THE FIVE STAGES OF EXHAUSTION
Stage 1: You wake up feeling tired.
You stumble around the house all day, misplace your keys, and go to bed early.
Stage 2: You wake up feeling lousy.
You stumble around, maybe drop a few things, and find it hard to finish sentences. You go to bed early.
Stage 3: You wake up feeling dead.
You fall asleep on the baby while you’re changing her. You give the kids cereal for supper because you’re too weak to lift a pound of chop meat. You go to bed late, because if you don’t get caught up on the housework, someone is going to arrest you.
Stage 4: You don’t wake up.
You walk around the house, make meals, drive to the library, and answer the phone, but you’re not really awake. But you dream that you are, and in your dream, you’re very tired. You go to bed, probably. Whatever.

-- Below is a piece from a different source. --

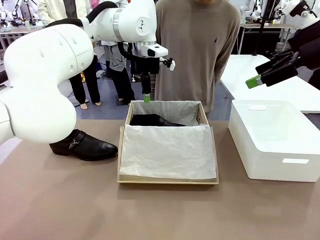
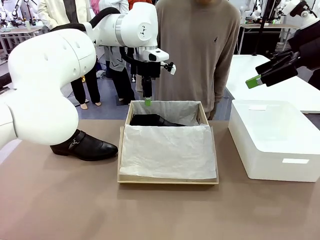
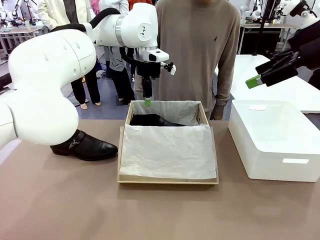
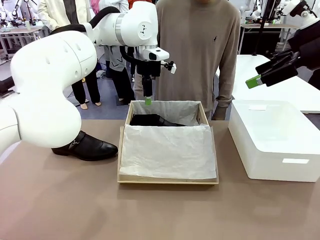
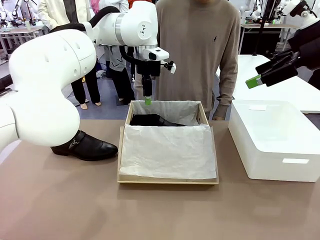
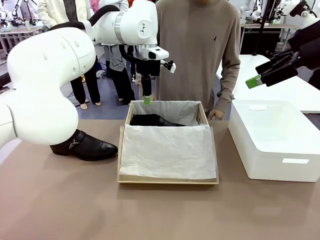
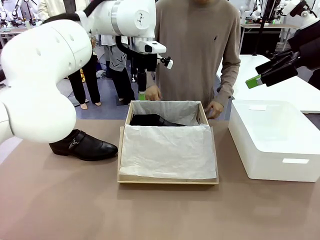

Stage 5: You wake up feeling great!
Some of your noses are a little numb, and you keep forgetting where your feet feet, but you seem to have outlasted the need for sleep! You’re a champion! There are only a few problems:
~You make a tuna noodle casserole (ingredients: tuna, noodles) and forget to put in the noodles. Your only clue that something is awry is a nagging feeling that supper looks awfully low today.
~You ask your husband to pick up some cereal bowls, and carefully explain that they are to be not ceramic, and not glass, but a particular sort of smooth, non-porous material that is rigid like unto glass, and yet not so breakable. And he says, “yeah, I’m familiar with plastic.”
~You wander around the house searching for AA batteries. You spot a book of matches, and think, “That’ll work!”
~Your husband comments that your new yard has enough space to keep a horse, and you reply, “What we really need is one of those horses with horns. That gives milk.”
~You ask your mother, “Can the kids sleep at your house, or are the rooms too full of cheese?”
Everything in this post is true.
Being tired may not kill me, but no one else is safe.